Required work
Check each line of the entries below for the word "loose", and copy out the ones that have it.

=== Data for analysis ===

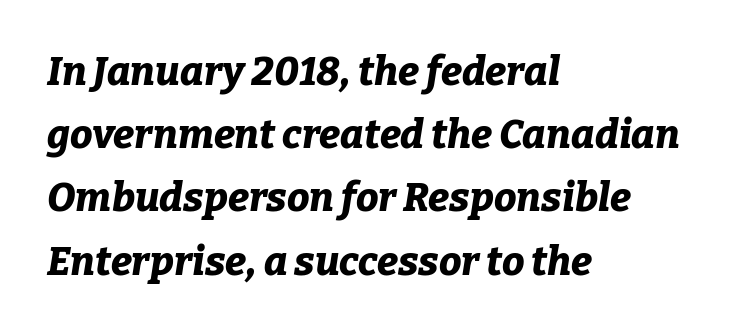
Look at the tracking — it's just the regular setting, nothing added. The letters advance in unequal steps, a hallmark of proportional type. The compositor pushed each line to the left boundary. Descender tails drop into unmarked territory. How heavy is the stroke? Heavy — this is a bold. The glyphs look as if they've been sheared to an angle.
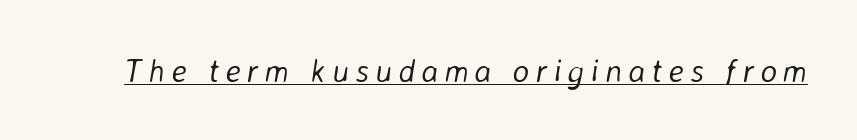
Q: Is the text bold? A: No.
Q: Is the text italic (slanted)? A: Yes, it leans right by about 8 degrees.
Q: Is the text underlined? A: Yes.
Q: Width (condensed, normal, or wide)? A: Normal.
Q: Stroke contrast? A: Low.
Q: x-height? A: Medium.
Q: Monospaced? A: No.
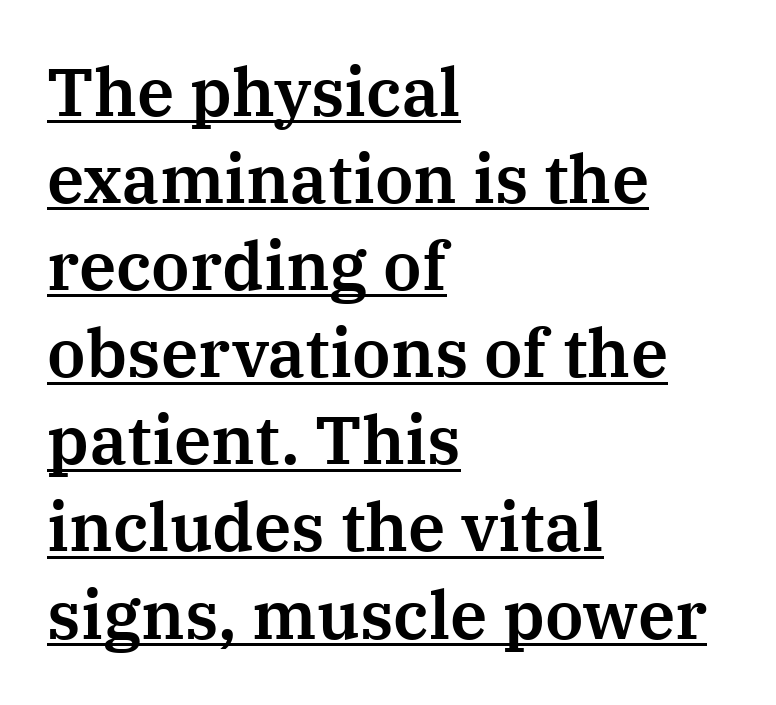
Q: Is the text italic (slanted)? A: No, it is upright.
Q: Is the typeface a serif or a sans-serif typeface? A: Serif.
Q: Is the text underlined? A: Yes.
Q: How is the paragraph aligned? A: Left-aligned.
Q: Is the spacing between letters normal or unusually wide? A: Normal.
Q: Is the spacing between lines tight, normal or loose? A: Normal.
Q: Width (condensed, normal, or wide)? A: Normal.
Q: Stroke contrast? A: Medium.
Q: x-height? A: Medium.
Q: Monospaced? A: No.
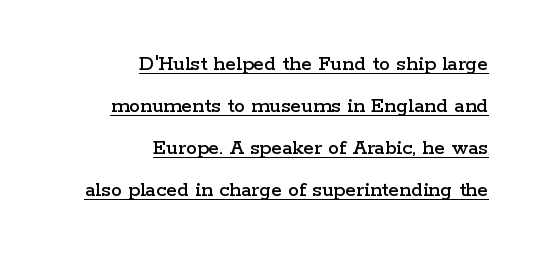
{"italic": "no", "underline": "yes", "align": "right", "line_spacing": "loose", "line_spacing_ratio": 1.91, "letter_spacing": "normal", "letter_spacing_em": 0.0, "glyph_px": 22}
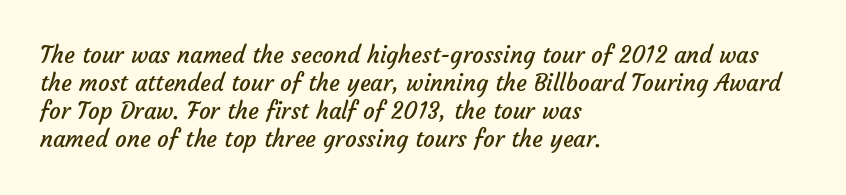
{"bold": "no", "underline": "no", "align": "left", "line_spacing_ratio": 1.22, "letter_spacing": "normal", "letter_spacing_em": 0.0, "glyph_px": 23}
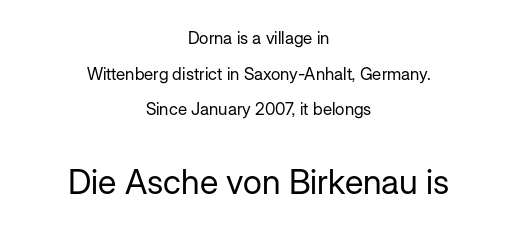
The area under the type is left untouched. The tracking reads as untouched default to a designer's eye. Leading is clearly above the norm, producing a sparse column. Note: no serifs on the glyphs. Varying glyph widths throughout — classic text-font behaviour.

===

The completed task
Q: Is the spacing between lines tight, normal or loose? A: Normal.
{"italic": "no", "underline": "yes", "align": "right", "line_spacing": "loose", "line_spacing_ratio": 1.91, "letter_spacing": "normal", "letter_spacing_em": 0.0, "glyph_px": 22}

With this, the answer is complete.